# Stair Stringer Attachment



## Cheetah (Aug 25, 2011)

Hey wussup

I just wanted to know what you guys think about this stringer connection.

Humbly, I think it’s better than hammering in nails from all angles (splitting the wood while doing so).

Is this less strong, as strong, or stronger than the traditional way?

I’ve attached some pictures. Please let me know what you think.

Thanx

Cheetah


----------



## Ninjaframer (Aug 25, 2011)

You have now reduced that stringer to the thickness of what's left between the notch for the steps and the notch for your hanger, about 4" it looks like. Pressure block between stringers and don't cut outside stringers, ledger steps inside.


----------



## Ninjaframer (Aug 25, 2011)

.....


----------



## AndyGump (Sep 26, 2010)

Sorry to say but you did post pictures, the entire deck looks to be seriously deficient as are the steps.

I know this is a DIY site but it would have been better to have posted asking questions about how to build this before you started.

It looks like the treads are too high, IMHO it is better to use two boards for the treads instead of just one big 2x12.
You screwed into the end grain up top and there is way more than 4" opening for the risers.

There is no landing at the base of the stairs, you used screws instead of nails for the hangers, you should have a center stringer, Ninja's suggestion of full stringers is dead-on.

There is no railing for the stairs and the rail for the deck is awful (looking & dangerous).

I don't mean to be a pr** but I do play one on TV.
Andy.


----------



## Hatsee (Oct 9, 2010)

For a first attempt it's good, it's not right but it's better than a lot would manage.

At least get a railing up, most of the other flaws can be fixed with some minor work as well.


----------



## jklingel (Dec 21, 2008)

Definitely add a railing and I hope you will soon replace the deck; it IS nasty looking. You can run 2x4's or 2x6's along the bottom of the stringers to beef them up, too, if you wish to (parallel to and flush with the bottom of the stringers). That appears to be a long set of steps for what meat is left in the wood. You did some pretty accurate cutting there.


----------



## J.S.Const. (Aug 25, 2011)

U should always nail hangers becuase the diameter of a nail is bigger then a screw! good job using nails instead.


----------



## J.S.Const. (Aug 25, 2011)

Haha nvmnd u did screw it! should have have used nails for sure!


----------



## ovahimba (Dec 25, 2007)

Simpson makes screws for hangers now.
http://www.strongtie.com/products/connectors/screws-loadrated.asp
I can see the need in cases where you also require pull out protection.


----------



## Marbledust (Jun 26, 2010)

you will need to incorporate a full lenght 4x4 post to the ground(mid-span)when you run your handrail.

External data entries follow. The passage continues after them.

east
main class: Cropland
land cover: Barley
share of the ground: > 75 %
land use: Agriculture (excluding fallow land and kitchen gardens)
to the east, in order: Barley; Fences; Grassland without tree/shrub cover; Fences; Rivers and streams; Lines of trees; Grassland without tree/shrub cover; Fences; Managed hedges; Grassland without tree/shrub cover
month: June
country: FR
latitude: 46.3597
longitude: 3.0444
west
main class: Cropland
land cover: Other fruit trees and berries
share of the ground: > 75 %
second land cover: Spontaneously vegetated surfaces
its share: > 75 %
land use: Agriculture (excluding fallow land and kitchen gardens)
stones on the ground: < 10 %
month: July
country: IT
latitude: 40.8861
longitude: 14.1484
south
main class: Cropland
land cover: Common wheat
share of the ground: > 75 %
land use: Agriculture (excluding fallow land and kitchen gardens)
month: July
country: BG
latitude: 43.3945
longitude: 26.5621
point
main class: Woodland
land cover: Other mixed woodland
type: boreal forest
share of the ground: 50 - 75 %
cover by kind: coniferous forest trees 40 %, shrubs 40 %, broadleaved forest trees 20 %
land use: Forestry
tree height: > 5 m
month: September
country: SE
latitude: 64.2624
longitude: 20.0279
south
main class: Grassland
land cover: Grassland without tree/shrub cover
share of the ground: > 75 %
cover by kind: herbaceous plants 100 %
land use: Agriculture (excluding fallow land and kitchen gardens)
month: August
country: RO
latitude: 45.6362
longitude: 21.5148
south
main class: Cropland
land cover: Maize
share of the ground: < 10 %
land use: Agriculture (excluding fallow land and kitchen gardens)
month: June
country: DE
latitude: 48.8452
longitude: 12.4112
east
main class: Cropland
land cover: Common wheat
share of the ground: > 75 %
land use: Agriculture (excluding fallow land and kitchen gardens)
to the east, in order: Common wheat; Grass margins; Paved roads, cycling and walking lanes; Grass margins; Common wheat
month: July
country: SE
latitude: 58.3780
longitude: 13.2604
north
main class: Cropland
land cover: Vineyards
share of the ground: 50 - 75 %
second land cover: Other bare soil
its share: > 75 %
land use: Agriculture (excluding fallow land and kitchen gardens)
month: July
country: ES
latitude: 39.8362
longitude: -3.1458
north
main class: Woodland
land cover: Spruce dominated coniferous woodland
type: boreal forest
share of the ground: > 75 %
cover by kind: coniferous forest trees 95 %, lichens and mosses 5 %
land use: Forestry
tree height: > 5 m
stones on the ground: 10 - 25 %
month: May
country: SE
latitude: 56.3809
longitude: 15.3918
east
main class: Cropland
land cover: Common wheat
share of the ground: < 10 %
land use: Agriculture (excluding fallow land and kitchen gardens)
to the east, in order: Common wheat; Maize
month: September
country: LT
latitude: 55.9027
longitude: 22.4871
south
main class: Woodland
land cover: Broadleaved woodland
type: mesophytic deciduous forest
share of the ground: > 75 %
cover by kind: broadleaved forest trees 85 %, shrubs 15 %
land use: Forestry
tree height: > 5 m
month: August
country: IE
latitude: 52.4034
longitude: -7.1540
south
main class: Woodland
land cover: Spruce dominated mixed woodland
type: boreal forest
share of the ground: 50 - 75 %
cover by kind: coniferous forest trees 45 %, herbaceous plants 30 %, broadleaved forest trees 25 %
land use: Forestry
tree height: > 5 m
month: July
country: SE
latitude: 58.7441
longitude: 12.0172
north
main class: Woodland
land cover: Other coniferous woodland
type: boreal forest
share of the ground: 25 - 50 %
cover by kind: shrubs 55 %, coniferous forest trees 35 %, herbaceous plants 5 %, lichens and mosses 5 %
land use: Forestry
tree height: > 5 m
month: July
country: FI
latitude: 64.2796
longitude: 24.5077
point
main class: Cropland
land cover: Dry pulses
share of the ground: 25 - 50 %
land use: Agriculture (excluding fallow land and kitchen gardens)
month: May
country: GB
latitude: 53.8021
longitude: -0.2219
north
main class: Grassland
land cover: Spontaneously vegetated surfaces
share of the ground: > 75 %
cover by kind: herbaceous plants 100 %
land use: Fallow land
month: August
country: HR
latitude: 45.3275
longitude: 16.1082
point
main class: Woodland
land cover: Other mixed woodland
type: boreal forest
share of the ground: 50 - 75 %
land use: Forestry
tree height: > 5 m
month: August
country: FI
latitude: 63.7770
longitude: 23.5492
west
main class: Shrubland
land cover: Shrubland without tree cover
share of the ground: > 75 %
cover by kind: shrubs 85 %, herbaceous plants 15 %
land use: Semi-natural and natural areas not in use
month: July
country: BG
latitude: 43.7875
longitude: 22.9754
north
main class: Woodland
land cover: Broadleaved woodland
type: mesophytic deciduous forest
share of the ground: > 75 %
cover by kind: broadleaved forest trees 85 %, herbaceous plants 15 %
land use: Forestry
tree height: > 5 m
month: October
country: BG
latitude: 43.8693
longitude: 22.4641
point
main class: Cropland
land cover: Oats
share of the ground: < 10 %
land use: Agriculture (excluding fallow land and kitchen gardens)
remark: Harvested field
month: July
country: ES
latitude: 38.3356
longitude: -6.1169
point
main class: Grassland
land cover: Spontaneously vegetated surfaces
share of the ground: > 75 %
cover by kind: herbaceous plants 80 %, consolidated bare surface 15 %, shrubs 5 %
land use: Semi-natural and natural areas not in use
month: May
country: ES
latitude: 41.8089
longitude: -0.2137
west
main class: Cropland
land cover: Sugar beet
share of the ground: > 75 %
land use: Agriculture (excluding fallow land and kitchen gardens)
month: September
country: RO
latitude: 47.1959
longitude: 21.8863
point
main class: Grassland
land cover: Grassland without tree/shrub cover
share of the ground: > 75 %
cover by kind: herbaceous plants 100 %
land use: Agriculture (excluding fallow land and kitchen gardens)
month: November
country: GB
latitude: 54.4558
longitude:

did you use PT on the landing pad?


----------



## Cheetah (Aug 25, 2011)

Thank you all for your input.

Marbledust: I will be placing a 4x4 midway as a post and handrail.

All the wood is pressure treated.


----------



## Cheetah (Aug 25, 2011)

J.S.Const. said:


> U should always nail hangers becuase the diameter of a nail is bigger then a screw! good job using nails instead.


 
The screws that I used are pretty thick. Maybe not as thick as nails but very close.

How do you prevent wood from splitting when using nails ?

I think split wood is a bigger problem.


----------



## J.S.Const. (Aug 25, 2011)

U need to know how to nail i guess, I use 3" galvanized nails and havent split a stringer yet. "knock on wood".


----------



## ddawg16 (Aug 15, 2011)

It looks like you have one 2 stringers....one on each end....'typical' stringers are 12"OC


----------



## Joe Carola (Apr 14, 2006)

Cheetah said:


> Hey wussup
> 
> I just wanted to know what you guys think about this stringer connection.
> 
> ...


What's the rise and run?


----------



## Gary in WA (Mar 11, 2009)

The “traditional way” is no longer, not even pressure blocks, if under the new (2006) Deck Code. This covers everything mentioned already (Fig. 27, 28, 7-3/4"max. rise, 10" min. run) and a few more. Bolt handrail/guard posts, ending ones on stairs into ground, special spans for notched stringers (even between supports), and etc. http://www.awc.org/Publications/DCA/DCA6/DCA6-09.pdf

The upper window appears to be a safety problem, as well: http://www.deckmagazine.com/article/54.html

Gary


----------